Zeker. Erik Vlugt van de Belastingdienst geeft aan dat in de buitenwereld iedereen druk is met netwerken met behulp van sociale media. Binnen veel organisaties gebeurt dat echter nauwelijks. Met sociaal intranet kan je de onderlinge communicatie ondersteunen en groepen verbinden. Bij het ‘openlijk werken’ bij de Belastingdienst maakt men gebruik van deze mogelijkheden. “Hierdoor”, zegt Frank, “creëer je een collectief brein waar iedereen aan bijdraagt en van kan profiteren. Laat weten wat je weet en laat zien wat je doet.”
Hiervoor zijn twee mind shifts nodig. Er moet niet meer vanuit beslotenheid maar vanuit openheid worden geredeneerd en de organisatie moet overstappen van push naar pull-communicatie. Dat laatste betekent dat de medewerker zelf op zoek gaat naar informatie. “Het werk dat je doet, krijgt meer waarde als je het gaat delen.
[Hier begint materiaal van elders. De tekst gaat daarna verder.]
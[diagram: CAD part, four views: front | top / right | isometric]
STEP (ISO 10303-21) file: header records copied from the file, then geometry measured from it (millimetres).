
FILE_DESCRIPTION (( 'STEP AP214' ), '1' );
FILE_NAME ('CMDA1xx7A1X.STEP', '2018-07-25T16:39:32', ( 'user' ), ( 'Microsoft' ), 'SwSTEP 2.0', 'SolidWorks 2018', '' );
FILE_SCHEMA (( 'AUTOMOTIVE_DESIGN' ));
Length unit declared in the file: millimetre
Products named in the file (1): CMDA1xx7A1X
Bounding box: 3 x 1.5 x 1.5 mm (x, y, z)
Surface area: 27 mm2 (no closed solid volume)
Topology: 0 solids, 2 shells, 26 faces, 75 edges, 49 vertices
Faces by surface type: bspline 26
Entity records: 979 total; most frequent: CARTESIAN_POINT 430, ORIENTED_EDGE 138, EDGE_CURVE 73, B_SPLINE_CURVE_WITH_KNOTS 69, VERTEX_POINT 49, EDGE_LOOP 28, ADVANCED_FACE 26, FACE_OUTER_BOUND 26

Want ook anderen kunnen er dan gebruik van maken. Kennis delen is geen doel maar een middel, bijvoorbeeld om een bepaald proces te verbeteren.” Jan Barkhof van de provincie Groningen geeft een soortgelijke visie; waar Erik het heeft over een ‘collectief brein’ spreekt Jan van ‘wisdom of the crowd’.
Is jouw organisatie toe aan een nieuw intranet? Of is de aandacht voor het huidige platform verslapt en wil je het weer een boost geven? Bezoek dan Hét Nationaal Intranetsymposium op 5 november 2024. Veel handige tips die je direct kunt toepassen.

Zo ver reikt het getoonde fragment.